Wherever there is liberty, there is commerce. And this commerce breaks down the barriers that the state erects between people. Commerce ignores borders, draws people together whom the state would like to see separated. It always tends toward the service of human needs rather than civic priorities.
Without some liberty, however restricted it might be, and the commerce it sustains society would die in a matter of weeks. The state alone sustains nothing. This is why, when I travel, I’m very much drawn to finding and watching those sectors where liberty lives and observing the massive contribution it makes to the social order.
I take it for granted that the state is too big, invasive, and horrible — not just in Brazil, not just in the U.S., but absolutely everywhere. What’s really exciting is to see people finding the workaround and making lives for themselves, and that usually means some commercial activity that thrives despite every effort to kill it.

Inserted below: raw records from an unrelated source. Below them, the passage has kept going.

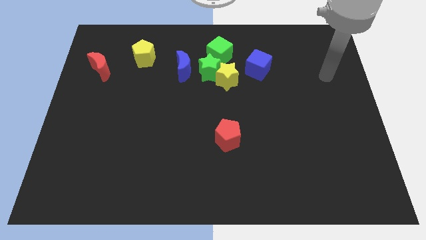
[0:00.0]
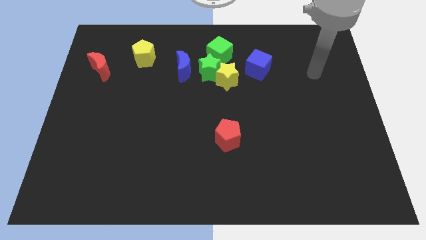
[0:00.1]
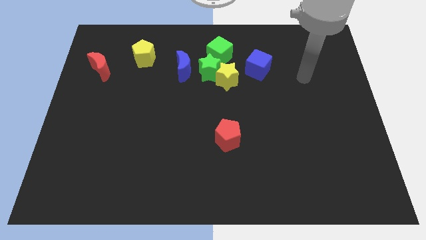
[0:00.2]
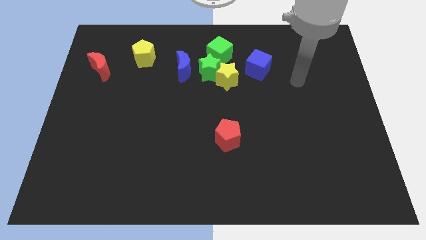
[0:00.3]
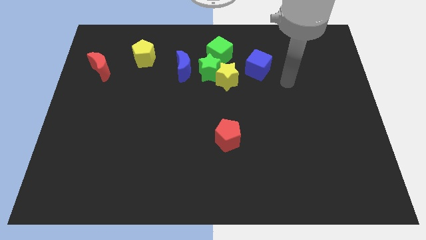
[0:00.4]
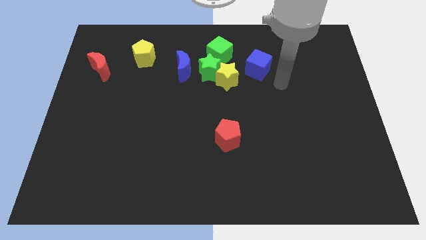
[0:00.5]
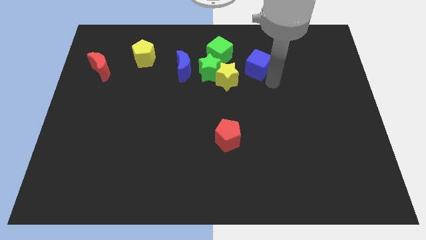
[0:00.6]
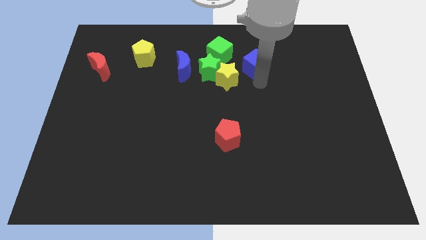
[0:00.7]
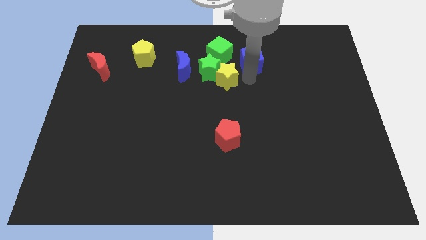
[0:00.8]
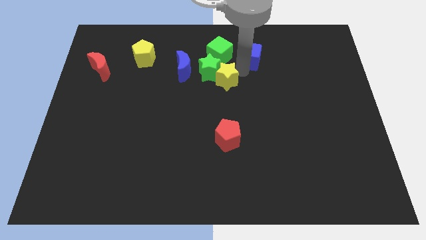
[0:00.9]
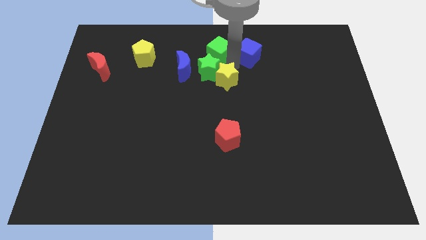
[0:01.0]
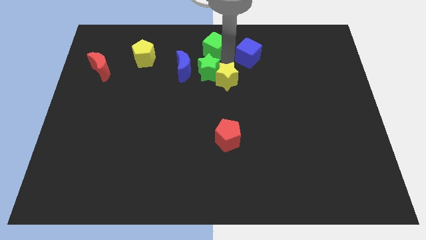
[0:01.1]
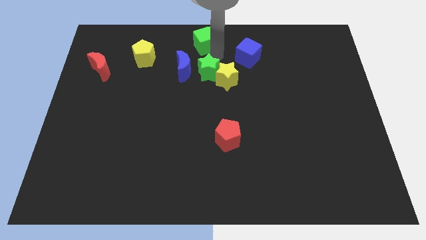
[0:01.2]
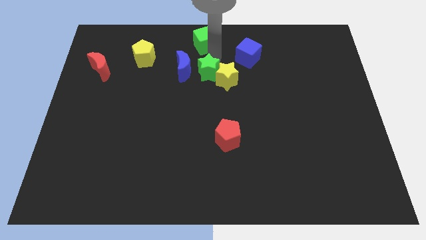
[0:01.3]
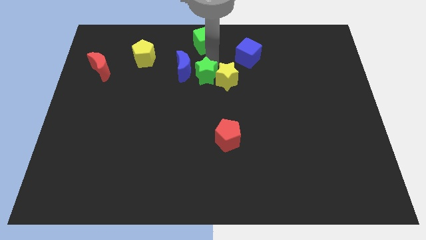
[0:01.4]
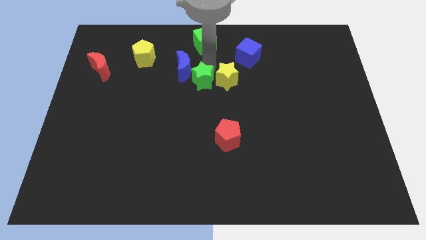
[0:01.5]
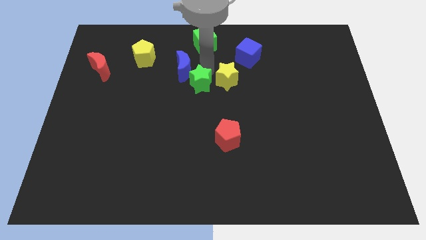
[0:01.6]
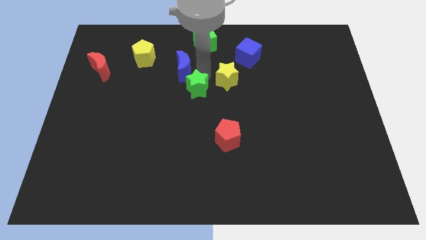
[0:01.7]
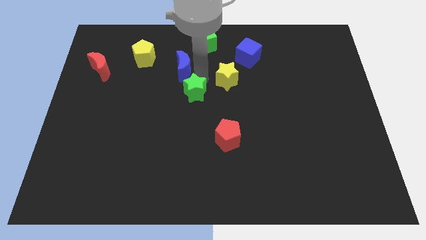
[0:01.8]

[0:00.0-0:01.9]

This is what I saw in so many beautiful ways in Brazil. To see liberty work is to see a model for building the future. This is why it is so inspiring to visit real markets, to see what people can do with investable wealth, to observe all the ways in which people manage to make good lives for themselves despite every obstacle.
This is the spirit of liberty. The great merit of the work of Mises Brasil is that it encourages intellectual change throughout society, building from the liberty that currently does exist toward a full-blown free society. This is the path of change. It requires that we see more than what is bad but also see what is good, and build from that.
Wendy McElroy’s forthcoming book from Laissez Faire Books is called The Art of Being Free. She raises a very profound question for serious libertarians. If the state went away, what would you be left with to give your life meaning? Find that thing and you will have found your North Star, the inspiration and driving force for building a vibrant and free future.
Hate the state, yes, but love liberty even more. Decry the thicket, yes, but then find the seed, plant it, and see the garden grow.